We’ve released a few minor, but helpful changes to the Cost Analysis Report

  1. Funds’ Actual Returns for the preceding 12 months, both pre-tax and after-tax,  shown in the top table are now calculated under the assumption that all distributions are reinvested upon receipt, at the NAV of that day.  Previously, returns were calculated under the assumption that distributions were held in cash, not reinvested.  In practice, the results of the two different methods are in most cases fairly close, but the new method more closely matches how most investors hold their funds. The “Basic Fund Profile” table now shows Pre-Tax returns for both assumptions, distributions reinvested vs. not reinvested.
  2. After-tax returns are now calculated under the assumption that all capital gains distributions are long-term, as opposed to short-term. Previously, returns were calculated under the assumption that 70% of capital gains distributions were long-term and 30% short-term. While the latter assumption is based on best available information about the industry average breakdown between long and short term gains, it is not a precise match for every distribution of every fund.  In practice, the results of the two different methods are in most cases fairly close.  However, since the tax on long-term gains is lower than the tax on short-term gains, basing the after-tax calculation solely on long-term gains is a more cautious assumption.
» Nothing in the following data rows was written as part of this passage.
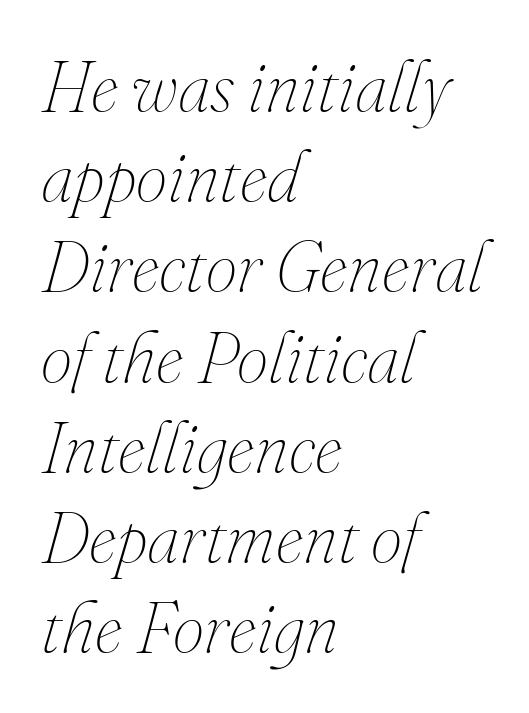
The image shows 71 px thin type, italic (leaning right); set left-aligned, normal line spacing (1.27x), normal letter spacing, not underlined; medium stroke contrast and a small x-height.
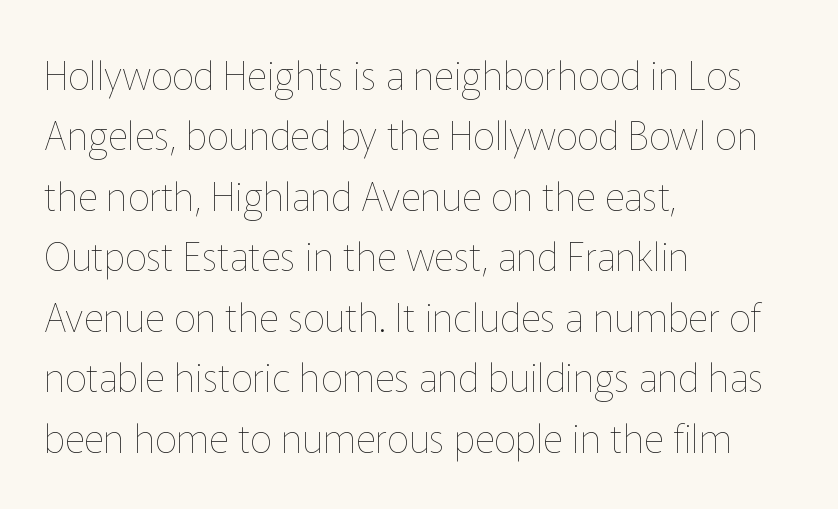
The image shows 39 px thin type, upright; set left-aligned, normal line spacing (1.55x), normal letter spacing, not underlined; low stroke contrast and a medium x-height.
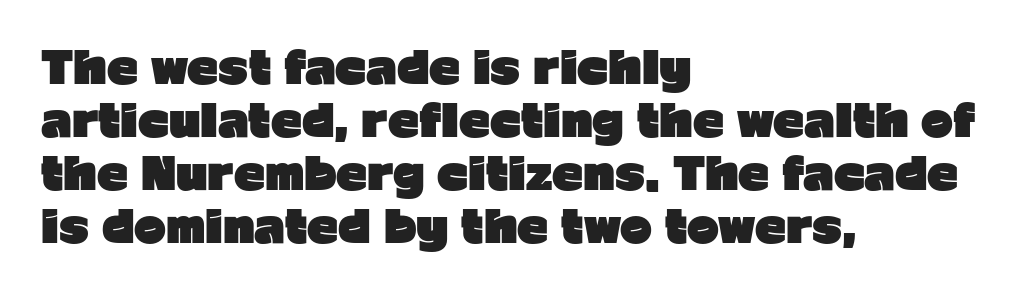
Q: Is the text bold? A: Yes.
Q: Is the text italic (slanted)? A: No, it is upright.
Q: Is the typeface a serif or a sans-serif typeface? A: Sans-serif.
Q: Is the text underlined? A: No.
Q: How is the paragraph aligned? A: Left-aligned.
Q: Is the spacing between letters normal or unusually wide? A: Normal.
Q: Width (condensed, normal, or wide)? A: Normal.
Q: Stroke contrast? A: Low.
Q: x-height? A: Medium.
Q: Monospaced? A: No.
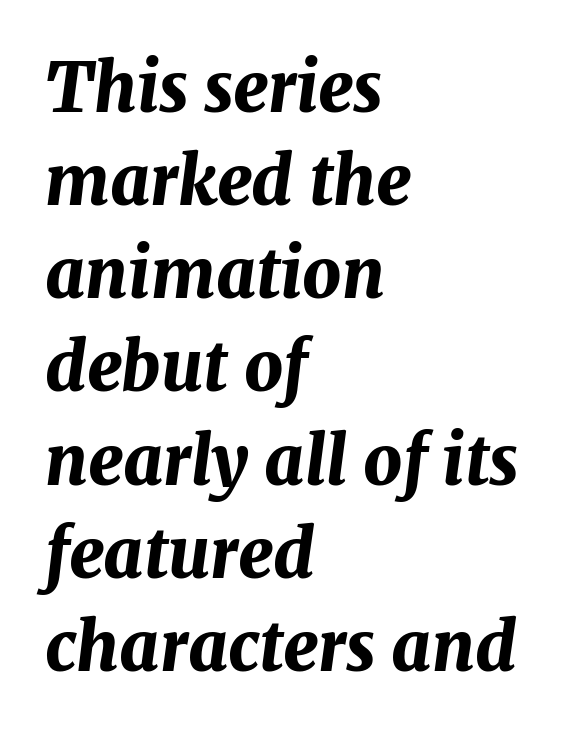
The area under the type is left untouched. Strokes here are thick enough to call this a true bold. The leading is moderate, giving the passage an even texture. Typeset ragged right — the left edge is the straight one. These lines are rendered in a variable-pitch font.

That is to say, one knows that the actual tax cost is always at least as great as what is reported, and there are no cases where we overstate the tax cost.  If and when we are able to obtain more precise data that gives the actual breakdown of a capital gains distribution into the long-term vs. short-term components, we will use that information in calculating the tax costs we report.
  3. The Total Net Assets and Growth thereof at the bottom of the “Basic Fund Profile” table are now calculated on the aggregate net assets of the fund’s entire portfolio (that is the collection of the manager’s funds of all share classes off the same underlying pool of assets), not only on the assets and growth of the share class that is queried. This gives a more meaningful representation of the size of the fund’s portfolio and whether it is growing or shrinking through inflows and redemptions more or less than the portfolio’s investment growth or decline.
  4. Some of the other rows at the bottom of the “Basic Fund Profile” table have been reordered for clarity.

The revised calculations for tax costs and after-tax returns also apply to the Fund Portfolio report.

More detail on the above topics can be found in the Glossary Page or by clicking on the labels next adjacent to each data item in the Cost Report.

We welcome any questions or comments about this update, and invite your suggestions for other enhancements to the site.